Here, We will deal with two databases: MMETSP and NCBI-nr. Why MMETSP? Because it included the marine microbial eukaryotic transcripts where NCBI-nr don't have all i.e., lots of algae, lots of Haptophytes, Rhodoophytes. It is also annoying for the different formats of headers. For example:
#MMETSP(nucleotide): head /db1/extra-data-sets/MMETSP/MMETSP_db/MMETSP_DB_clean.v2018.fa >MMETSP1065-20121228|15685 Amphiprora_paludosa_Strain_CCMP125 CATCGAGTTCATCATCATCGGTGGAATTATCACTGTGATG #MMETSP(translated protein): head /misc/scratch3/sibbald/DATABASES/CAM_P_0001000.pep.renamed_nr_db_temp.fas >CP_0114609912_95228_Vannella_sp_DIVA3_517_6_12 XEIVKGFKKVADLPDAVFGRFVTATFNIVL
#NCBI-nr #/db1/blastdb-sep1-2021/nr.pal (V5 format, updated Sep 2021)(Blast) # The latest full nr I used: /misc/scratch3/xizhang/nr-fasta-sep-2021/nr.gz head /db1/nr-nt-fasta-oct-2020/nr >PYI97175.1 lysine 2,3-aminomutase [Verrucomicrobia bacterium]PYJ33862.1 lysine 2,3-aminomutase [Verrucomicrobia bacterium] MITPVSEEGNGKRFVSHAPGFWPQTPTELWNDWKWQLKNRVTSLAHLEQHLDLSDEERSGVLLSGDKLALAVTPHFFNLV
I know, it is complicated for each datasets, like the underscore line between the species name (Vannella_sp_DIVA3_517_6_12)is to make sure the BLAST can regard them as a whole for gene name.So that your gene header can contain the taxa information, so that you can pull out the hierarchical taxonomic information. If you look like NCBI-nr, they even don't contain taxa information and the header is even not connected with underscore. That is the purpose of why we have to do the renaming step.
No matter blasting before renaming the header or after, the purpose is the same to acquire the BLAST hits (homolog seqs) from two databases(MMETSP and NCBI). Check the real example below:
>Compsopogon_coeruleus@CP_0184679990_Eukaryota_Rhodophyta_Compsopogonophyceae_Compsopogonales_Compsopogonaceae_Compsopogon_Compsopogon_caeruleus_31354_Compsopogon_coeruleus XNKTVGEKEKVDVGKKGGGGEEREMVGFVSDVFISLNLEWSRVGVGVVNSRGKRKVYAVGEFPGSSPGRTSVLVPQKEKVQKESKEKKRSHGGGKYKVLILNDAFNSMEYVAATLLRLIPGMTTELAWKVMKEAHENGAAVVGVWVFELAEAYCDAIQSAGIGSRIEPE >Tarenaya_hassleriana@NCBI_XP_010551290.1_Eukaryota_Viridiplantae_Streptophyta_Streptophytina_Embryophyta_Tracheophyta_Euphyllophyta_Spermatophyta_Magnoliopsida_Mesangiospermae_eudicotyledons_Gunneridae_Pentapetalae_rosids_malvids_Brassicales_Cleomaceae_New_World_clade_Tarenaya_Tarenaya_hassleriana_28532 MESAICGRLALSPSTVFNSKPGEKHSLYKGPCGNHGFVMSLCASAVGKGGGLLDKPVIEKTTPGRESEFDLRKSRKMAPPYRVILHNDNFNRREYVVQVLMKVIPGMTLDNAVNIMQEAHHNGLAVVIICAQADAEEHCMQLRGNGLLSSIEPASGGGC
1. Method One: blasting before renaming the header
- Step one: BLAST
If you decide to blast before renaming, you can follow the other Perun blast guide (e.g.,http://129.173.88.134:81/dokuwiki/doku.php?id=blast_protocol) to either BLAST the MMETSP database separately or as a whole.
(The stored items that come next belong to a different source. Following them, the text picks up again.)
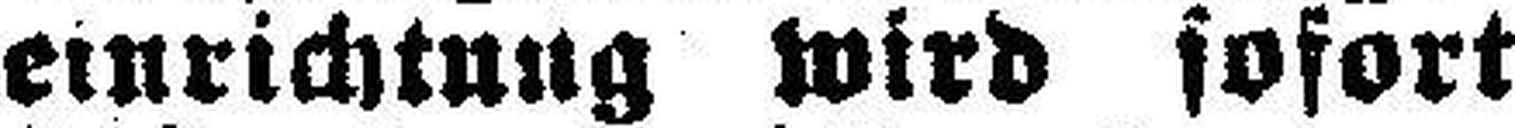
einrichtung wird sofort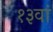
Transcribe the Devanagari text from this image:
१३वां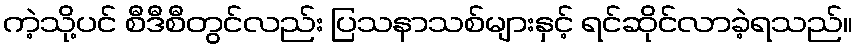
ကဲ့သို့ပင် စီဒီစီတွင်လည်း ပြသနာသစ်များနှင့် ရင်ဆိုင်လာခဲ့ရသည်။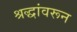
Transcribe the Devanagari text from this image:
श्रद्धांवरून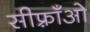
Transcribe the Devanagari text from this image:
सीफ़्राँओ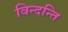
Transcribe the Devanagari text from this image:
विन्दन्ति

Due to the size of the NCBI-nr database (~100 GB), if you merge the NCBI with MMETSP (~10GB), you need to rebuild the Database file such as:
nr.14.phd nr.14.pin nr.14.ppi nr.14.phi nr.14.pog nr.14.psq nr.14.phr nr.14.ppd nr.14.tar.gz.md5
This will be terrible long time doing that, 'cause I have not tested it. I also think it is not worth it unless you want to stick with one version to do intense studies in a period of time. The NCBI-nr version is updated quickly with time. So I prefer to download the latest version of NCBI-Nr, where they have the pre-compiled database files. Use can BLASTp against the database without using makeblastdb command.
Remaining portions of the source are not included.